You’ll now have the System Properties dialog box open on the computer’s display with the System Protection tab open. Select the drive that you want to delete restore points from by clicking on it and highlighting it and then click on the “Configure” button.

Under the “Max Usage” bar, click on the “Delete” button. (That Max Usage bar you can see is the bar we were talking about earlier where you can set what you want for a maximum usage, and it won’t use up any more disk space than that. It’s the ideal solution for still having some system restore points and them not taking up too much disk space if you are worried about running low on space).

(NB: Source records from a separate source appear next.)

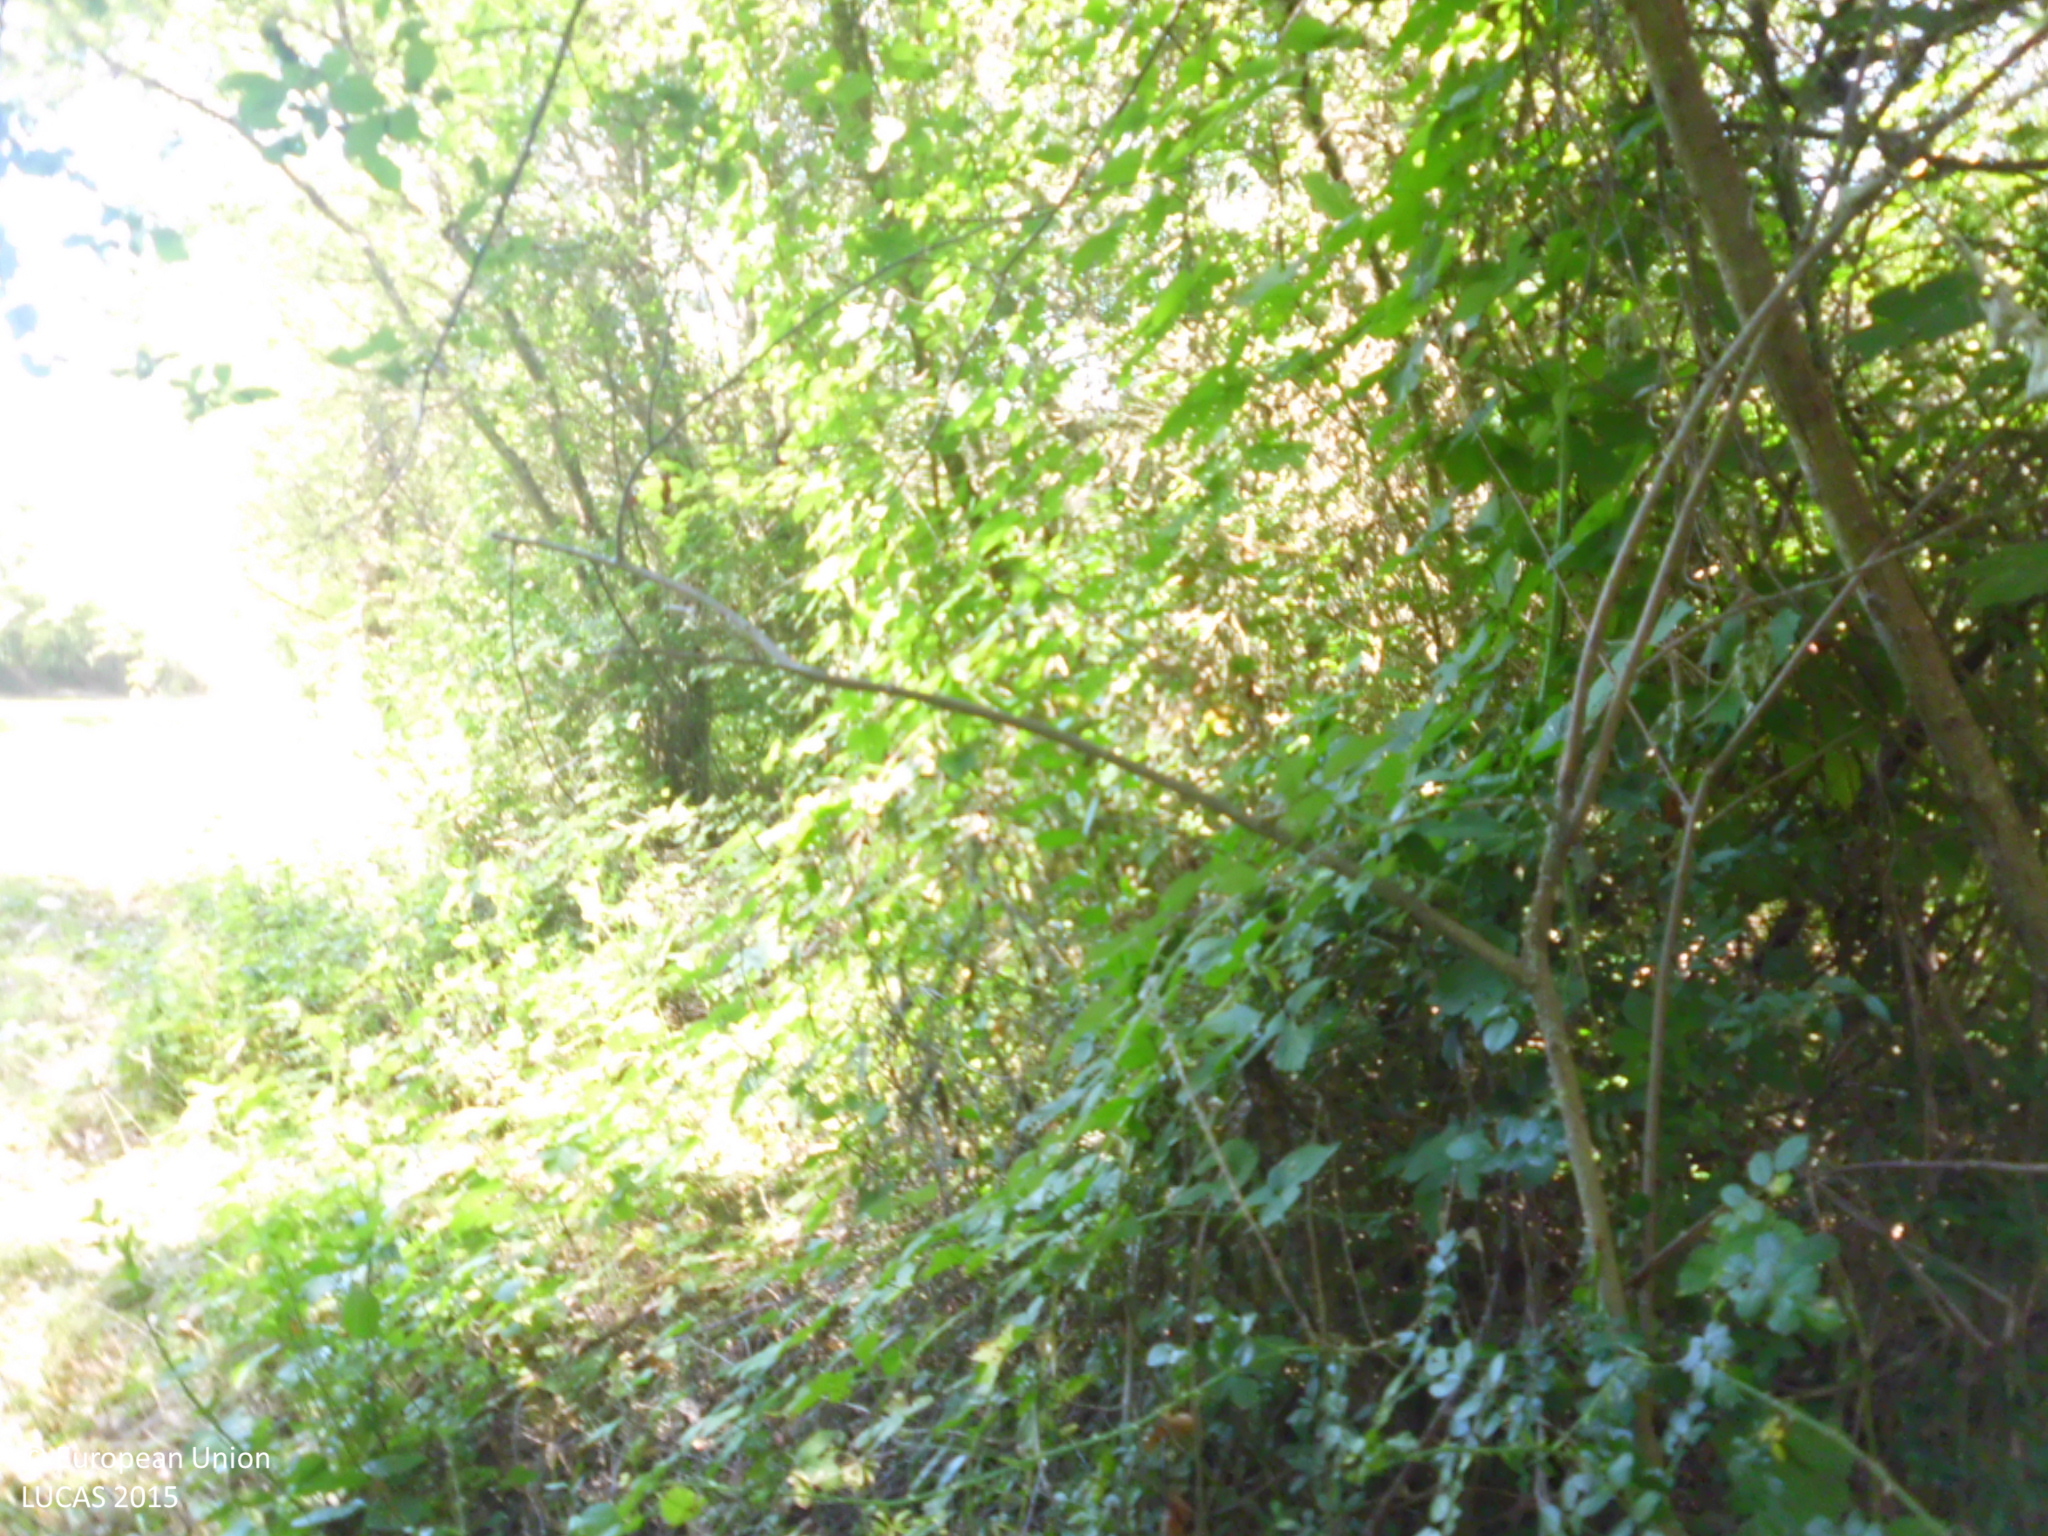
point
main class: Woodland
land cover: Broadleaved woodland
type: acidophilous oak and oak-birch forest
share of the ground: > 75 %
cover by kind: broadleaved forest trees 95 %, shrubs 5 %
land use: Semi-natural and natural areas not in use
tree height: > 5 m
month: July
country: ES
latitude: 42.3091
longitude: -3.3883

Windows gives you a message letting you know that you “will not be able to undo unwanted system changes on this drive. Are you sure you want to continue.” Click on the “Continue” button when you want to delete it.

Disk Cleanup

The Disk Cleanup tool also offers a way for you to be able to delete system restore points if you want. You won’t see it from the main window after you open up the tool, but if you click on the “More Options” tab at the top of the window, and then click on the “Clean up” button under where it says “System Restore and Shadow Copies” you’ll find the option for deleting older restore points.

Command Prompt

It is possible to run commands from the command line to delete system restore points as well. You’ll need to be logged in as an administrator—or, at least, know the passwords of an administrators account—to use this method, though, because you need to open the elevated Command Prompt window for it to work. To get started, type the “vssadmin list shadows” command and hit the Enter key on your keyboards. It brings up the list of all of the shadow copies/restore points on the computer. Now all you need to do is run the “vssadmin delete shadows /all” command and hit Enter and then click on the “Yes” button when the Command Prompt prompts you. It then deletes all of the restore points (shadow copies) on the computer.

If you prefer having ample disk space and want to delete the system restore points, we advise following one of the options above and also remembering how you did it so you can continue to do it. More people understanding how to delete the restore points to free up disk space could be something that Microsoft look at when assessing whether to keep the feature going in future versions of the operating system or not. Not being able to use system restore will be sure to shake up the tech industry as it was a convenient method for technicians to fix computers without having data loss.